- Location of Ste. Genevieve County
- Coordinates: 38°01′46″N 90°16′40″W﻿ / ﻿38.02950°N 90.27767°W
- Country: United States
- State: Missouri
- County: Ste. Genevieve

Area
- • Total: 101 sq mi (260 km^{2})
- • Land: 97.4 sq mi (252 km^{2})
- • Water: 2.7 sq mi (7.0 km^{2})
- GNIS Feature ID: 767325

= Jackson Township, Ste. Genevieve County, Missouri =

Jackson Township is a subdivision of Ste. Genevieve County, Missouri, in the United States of America, and is one of the five townships located in Ste. Genevieve County.

==Name==
The township was named for the President Andrew Jackson who became president the year that the township was founded.

==History==
Jackson Township was created in 1827 from the northern portion of Ste. Genevieve Township.

==Populated places==
There are several communities in Jackson Township. The only incorporated community, Bloomsdale, has a population of 521.

- Bloomsdale
- Goose Creek Lake (part)
- Kinsey
- Needlemore
- Valley View

The township also contains three churches: Saint Lawrence's Catholic Church, and Lebanon Church, as well as the following cemeteries: Beckemeyer, Bequette, Bockenhamp, Concord, Hoover, and Moeller.

==Geography==
Jackson Township is located in the northern portion of Ste. Genevieve County.
A number of streams run through the township: Carpenter Branch, Coots Creek, Cunningham Branch, Fourche a du Clos, Goose Creek, Isle du Bois Creek, Kinsey Creek, and Pin Hook Branch. The following lakes are found in the township: Corbin Lake, Werners Sunset Lake, Sunset Lake, and Pinkston Lake.

==2000 census==
The 2000 census shows Jackson Township consisting of 3,337 individuals. The racial makeup of the town was 98.6% White, 0.0% African American, 0.2% Native American and Alaska Native, 0.0% Asian, and 0.08% from two or more races.

===2010 census===
As of the census of 2010, there were 3,616 people, with a population density of 34 per square mile (68.6 km2), residing in the township. Males make up 1,686 (50.5%) of the population, while females make up 1,651 (49.5%). The median age for men is 35.7 years and for women is 35.4.

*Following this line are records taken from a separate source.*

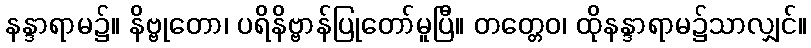
နန္ဒာရာမ၌။ နိဗ္ဗုတော၊ ပရိနိဗ္ဗာန်ပြုတော်မူပြီ။ တတ္တေဝ၊ ထိုနန္ဒာရာမ၌သာလျှင်။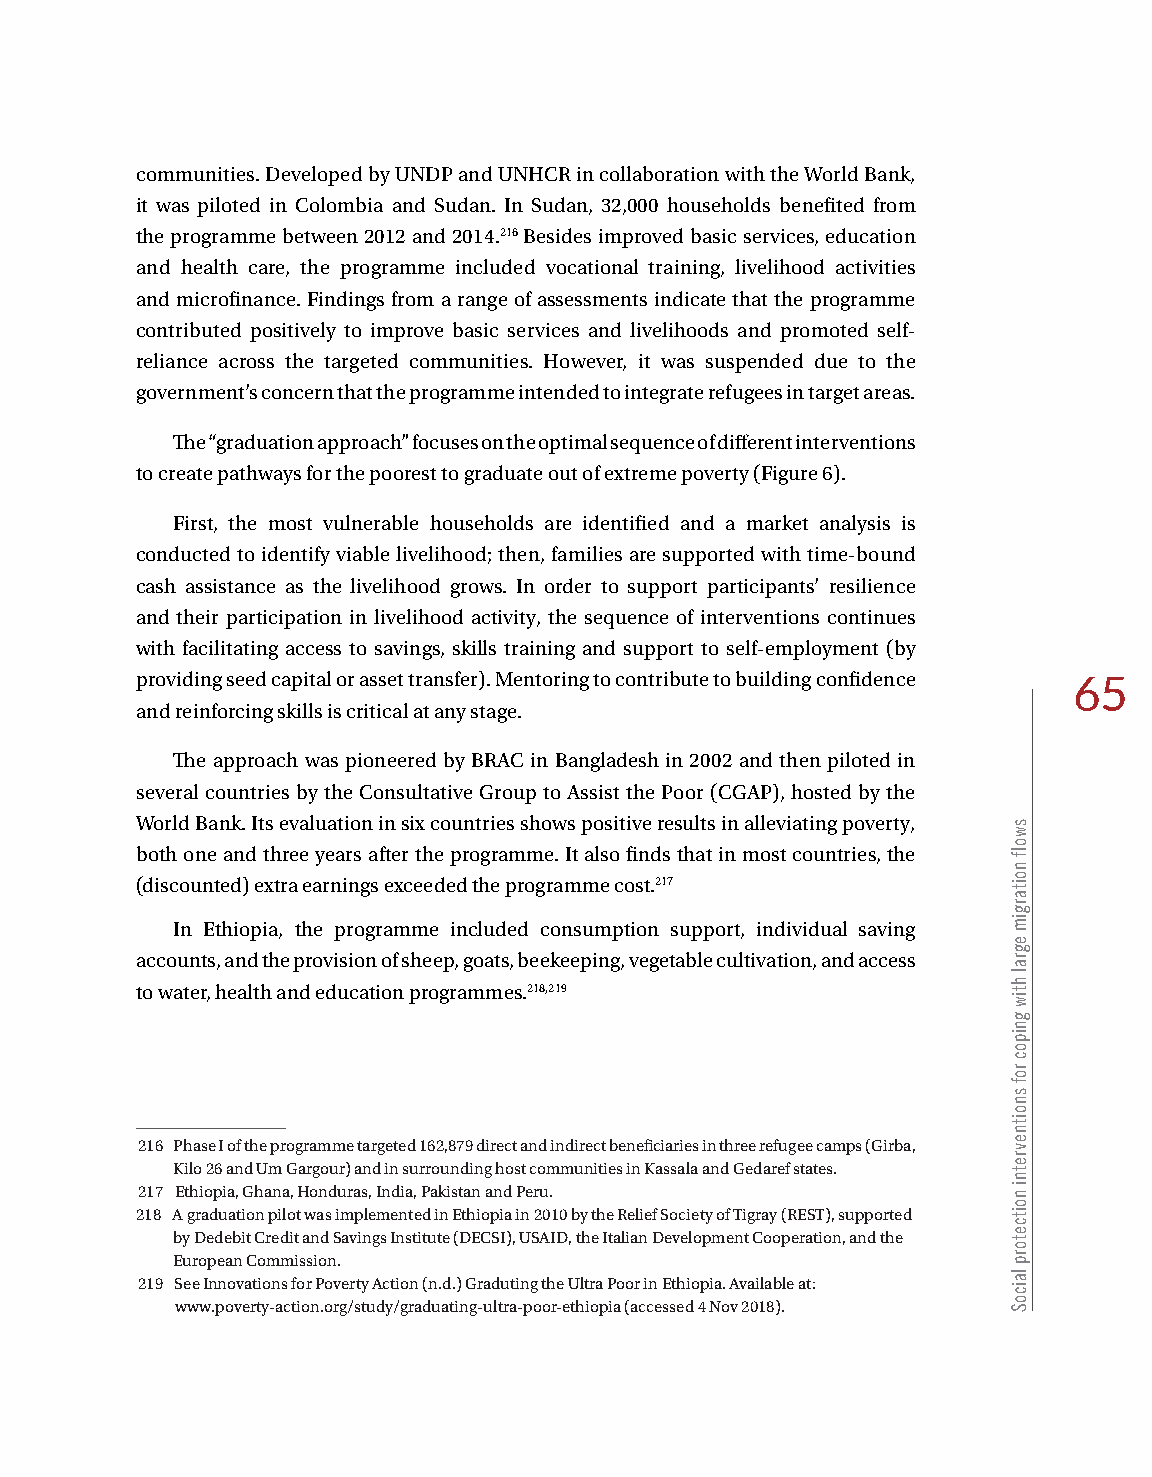
communities. Developed by UNDP and UNHCR in collaboration with the World Bank,
 it was piloted in Colombia and Sudan. In Sudan, 32,000 households benefited from
 the programme between 2012 and 2014.216 Besides improved basic services, education
 and health care, the programme included vocational training, livelihood activities
 and microfinance. Findings from a range of assessments indicate that the programme
 contributed positively to improve basic services and livelihoods and promoted self-
 reliance across the targeted communities. However, it was suspended due to the
 government’s concern that the programme intended to integrate refugees in target areas.
 The “graduation approach” focuses on the optimal sequence of different interventions
 to create pathways for the poorest to graduate out of extreme poverty (Figure 6).
 First, the most vulnerable households are identified and a market analysis is
 conducted to identify viable livelihood; then, families are supported with time-bound
 cash assistance as the livelihood grows. In order to support participants’ resilience
 and their participation in livelihood activity, the sequence of interventions continues
 with facilitating access to savings, skills training and support to self-employment (by
 providing seed capital or asset transfer). Mentoring to contribute to building confidence 65
 and reinforcing skills is critical at any stage.
 The approach was pioneered by BRAC in Bangladesh in 2002 and then piloted in
 several countries by the Consultative Group to Assist the Poor (CGAP), hosted by the
 World Bank. Its evaluation in six countries shows positive results in alleviating poverty,
 both one and three years after the programme. It also finds that in most countries, the
 (discounted) extra earnings exceeded the programme cost.217
 In Ethiopia, the programme included consumption support, individual saving
 accounts, and the provision of sheep, goats, beekeeping, vegetable cultivation, and access
 to water, health and education programmes.218,219
 216 Phase I of the programme targeted 162,879 direct and indirect beneficiaries in three refugee camps (Girba,
 Kilo 26 and Um Gargour) and in surrounding host communities in Kassala and Gedaref states.
 217 Ethiopia, Ghana, Honduras, India, Pakistan and Peru.
 218 A graduation pilot was implemented in Ethiopia in 2010 by the Relief Society of Tigray (REST), supported
 by Dedebit Credit and Savings Institute (DECSI), USAID, the Italian Development Cooperation, and the
 European Commission.
 219 See Innovations for Poverty Action (n.d.) Graduting the Ultra Poor in Ethiopia. Available at:
 www.poverty-action.org/study/graduating-ultra-poor-ethiopia (accessed 4 Nov 2018).
 swolf
 noitargim
 egral
 htiw
 gnipoc
 rof
 snoitnevretni
 noitcetorp
 laicoS

The racial makeup of the town was 98.3% White, 0.0% African American, 0.2% Native American and Alaska Native, 0.1% Asian, and 0.22% from other races, and 0.8% from two or more races.

The average household size 2.72 persons. The estimated median household income in 2009 was $45.556 ($38,209 in 1999). 11.0% of the residents have an income below the poverty rate.